The second chain will necessarily lag behind the first one: there will be multiple Stage 2 blocks for each Stage 1 block until all validators can complete their work on the latter’s transactions. But progress, however incremental, will always be made.
The best case is the existing transaction structure: noninteracting calls to separate contracts. Then this sharding will look just like it does now, all validators will be able to do their entire portion of the block at once, and the Stage 1 – Stage 2 correspondence is one-to-one.
The worst case is total interconnectivity, in which case the Stage 2 blocks have to be very short as validators coordinate their incremental efforts via the Stage 2 consensus process. This seems like an obvious and necessary limitation of scaling: if every transaction has global consequences, then either everyone executes everything, or everyone is waiting for everyone else to do their part. It’s a basic concurrency tradeoff.

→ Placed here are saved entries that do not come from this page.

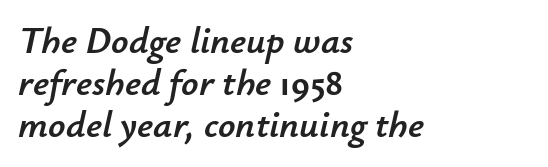
Q: Is the text italic (slanted)? A: Yes, it leans right by about 12 degrees.
Q: Is the text underlined? A: No.
Q: How is the paragraph aligned? A: Left-aligned.
Q: Is the spacing between letters normal or unusually wide? A: Normal.
Q: Is the spacing between lines tight, normal or loose? A: Tight.
Q: Width (condensed, normal, or wide)? A: Normal.
Q: Stroke contrast? A: Low.
Q: x-height? A: Small.
Q: Monospaced? A: No.
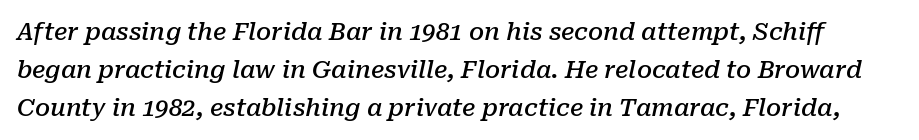
{"italic": "yes", "lean": "right", "slant_degrees": 10, "bold": "semi", "underline": "no", "line_spacing": "normal", "line_spacing_ratio": 1.59, "letter_spacing": "normal", "letter_spacing_em": 0.0, "glyph_px": 24}
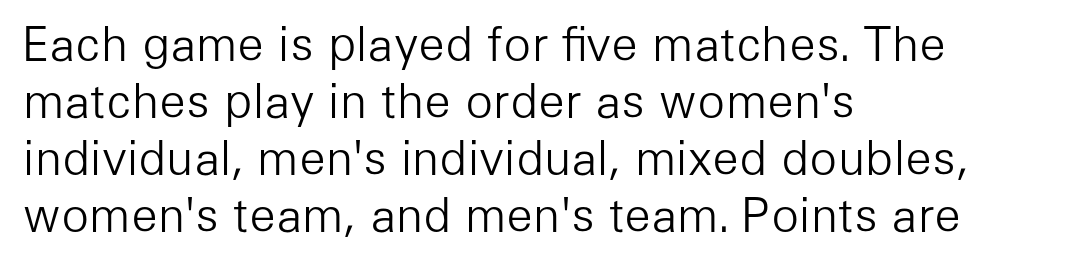
{"serif": "no", "italic": "no", "bold": "no", "weight": "light", "width": "normal", "stroke_contrast": "low", "x_height": "medium", "monospaced": "no", "underline": "no", "align": "left", "line_spacing_ratio": 1.24, "letter_spacing": "normal", "letter_spacing_em": 0.0, "glyph_px": 46}
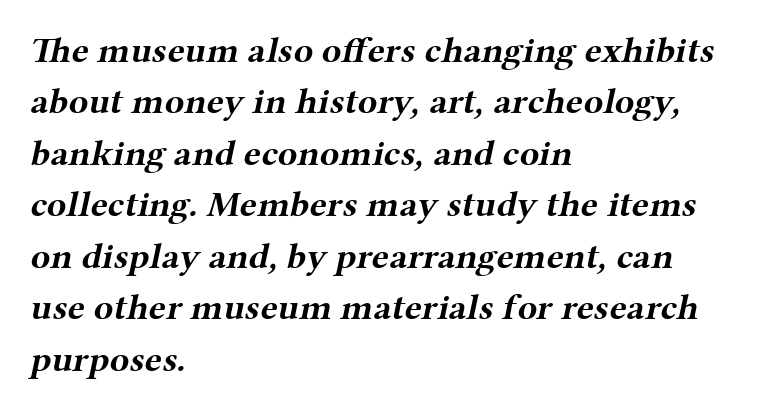
The image shows 36 px bold, wide serif type; set left-aligned, normal line spacing (1.43x), normal letter spacing, not underlined; medium stroke contrast and a medium x-height.

This execution structure would also create an opportunity to create smaller shards, simply by writing much more limited execution environments for special purposes, which may even end and not require further following, or fragment into several successor environments (i.e. create new contracts and then self-destruct), each of which could then go to different validators. The validator pool could be much more flexible and, at least ideally, would not necessarily suffer from “horizontal” bloat of individual execution environments as they become too popular.
This post, once again, is very long and does not contain the kind of formal definitions that I see in Vitalik’s work. I don’t want to introduce ambiguity but I thought I could explain it better in a verbal narrative than through code. Hopefully anyone reading this will find that despite that, it’s not entirely hand-waving.